Surprise with Kindness

They sat on opposite sides of the room, a man and a woman, bidding on an adorable puppy at a school auction. Others dropped off, but not this duo. Back and forth until they’d one-upped the bid to several thousand dollars. This was the Wimbledon finals, and neither player was backing off the net. Finally, the fellow gave in and didn’t return the bid. Going once, going twice, sold! You know what she did? Amidst the applause, she walked across the room and presented the puppy to the competition.

Suppose you did that to the competition, with your enemy, with the boss who fired you. Suppose you surprised them with kindness. Not easy? No, it’s not. But mercy is the deepest gesture of kindness.

A Dose of Servanthood

God’s cure for the common life includes a strong dose of servanthood. Timely reminder. As you celebrate your unique design, be careful. Don’t so focus on what you love to do that you neglect what needs to be done. A 3:00 AM diaper change fits in very few sweet spots. Visiting your sick neighbor might not come naturally to you. Still, the sick need to be encouraged and diapers need changing.

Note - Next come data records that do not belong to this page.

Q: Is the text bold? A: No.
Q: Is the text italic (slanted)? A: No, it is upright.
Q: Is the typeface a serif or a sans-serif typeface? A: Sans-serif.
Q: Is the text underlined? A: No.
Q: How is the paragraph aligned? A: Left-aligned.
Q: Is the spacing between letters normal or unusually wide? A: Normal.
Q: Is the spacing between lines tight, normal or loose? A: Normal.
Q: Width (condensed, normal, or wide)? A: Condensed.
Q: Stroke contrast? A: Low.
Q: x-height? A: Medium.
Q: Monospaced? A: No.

The world needs servants. People like Jesus, who did not come to be served, but to serve. He chose remote Nazareth over center-stage Jerusalem, his dad’s carpentry shop over a marble-columned palace, and three decades of anonymity over a life of popularity. He selected prayer over sleep, the wilderness over the Jordan, feisty apostles over obedient angels. I’d have gone with the angels, given the choice. Not Jesus. He picked the people. He came to serve! May we do the same.